Q: What is the square root of 49?

A: The square root of 49 is 7, since $7 \times 7 = 49$.

Q: How do we simplify the variables $u^8$ and $v^{12}$?

A: We can simplify the variables $u^8$ and $v^{12}$ by using the rules of exponents. Specifically, we can use the rule that states that when a variable is raised to a power, we can multiply the variable by itself as many times as the power indicates.

Q: What is the final result of simplifying the expression $-\sqrt{49} u^8 v^{12}$?

A: The final result of simplifying the expression $-\sqrt{49} u^8 v^{12}$ is $-7 u^8 v^{12}$.

Q: What are some common mistakes to avoid when simplifying expressions?

A: Some common mistakes to avoid when simplifying expressions include:

• Failing to simplify the square root of a number.
• Not using the rules of exponents to simplify variables raised to powers.
• Not combining the simplified components to arrive at the final result.

Q: What are some real-world applications of simplifying expressions?

A: Simplifying expressions is an important skill in mathematics that has many real-world applications.
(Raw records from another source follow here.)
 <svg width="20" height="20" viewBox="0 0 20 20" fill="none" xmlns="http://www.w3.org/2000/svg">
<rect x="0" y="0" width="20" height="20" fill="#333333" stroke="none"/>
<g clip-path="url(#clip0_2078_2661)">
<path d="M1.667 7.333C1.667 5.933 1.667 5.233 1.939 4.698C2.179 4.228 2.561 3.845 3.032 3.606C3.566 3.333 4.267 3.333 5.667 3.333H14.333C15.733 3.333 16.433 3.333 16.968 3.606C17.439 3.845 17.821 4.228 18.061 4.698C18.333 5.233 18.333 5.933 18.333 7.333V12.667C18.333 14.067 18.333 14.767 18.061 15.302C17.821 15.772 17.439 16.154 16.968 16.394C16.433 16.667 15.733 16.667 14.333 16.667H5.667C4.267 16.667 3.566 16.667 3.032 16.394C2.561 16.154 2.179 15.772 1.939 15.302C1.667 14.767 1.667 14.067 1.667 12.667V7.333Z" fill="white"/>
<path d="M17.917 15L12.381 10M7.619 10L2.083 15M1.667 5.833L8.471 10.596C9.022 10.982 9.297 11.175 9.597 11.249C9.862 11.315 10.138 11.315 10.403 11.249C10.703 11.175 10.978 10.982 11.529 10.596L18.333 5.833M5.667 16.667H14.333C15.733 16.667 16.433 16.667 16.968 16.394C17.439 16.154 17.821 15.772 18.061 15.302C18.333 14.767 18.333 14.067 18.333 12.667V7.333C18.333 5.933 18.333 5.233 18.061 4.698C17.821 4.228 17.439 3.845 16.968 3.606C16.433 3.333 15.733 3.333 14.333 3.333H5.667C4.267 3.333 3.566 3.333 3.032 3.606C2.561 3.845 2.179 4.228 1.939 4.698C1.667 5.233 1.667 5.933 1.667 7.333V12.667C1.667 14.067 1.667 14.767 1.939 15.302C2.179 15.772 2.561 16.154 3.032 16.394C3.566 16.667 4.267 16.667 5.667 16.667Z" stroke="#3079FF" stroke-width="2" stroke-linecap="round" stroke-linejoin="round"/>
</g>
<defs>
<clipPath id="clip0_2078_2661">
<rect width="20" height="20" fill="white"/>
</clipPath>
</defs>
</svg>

For example, in physics, simplifying expressions is used to describe the motion of objects and the behavior of physical systems. In engineering, simplifying expressions is used to design and optimize systems.

Q: How do we practice simplifying expressions?

A: We can practice simplifying expressions by working on practice problems, such as:

• Simplify the expression $\sqrt{16} x^4 y^6$
• Simplify the expression $-\sqrt{81} u^2 v^3$
• Simplify the expression $\sqrt{25} x^3 y^2$

Solutions to Practice Problems

• $\sqrt{16} x^4 y^6 = 4 x^4 y^6$
• $-\sqrt{81} u^2 v^3 = -9 u^2 v^3$
• $\sqrt{25} x^3 y^2 = 5 x^3 y^2$

Conclusion

Simplifying expressions is an important skill in mathematics that has many real-world applications. By breaking down expressions into their most basic components and using the rules of exponents, we can simplify expressions and arrive at the final result.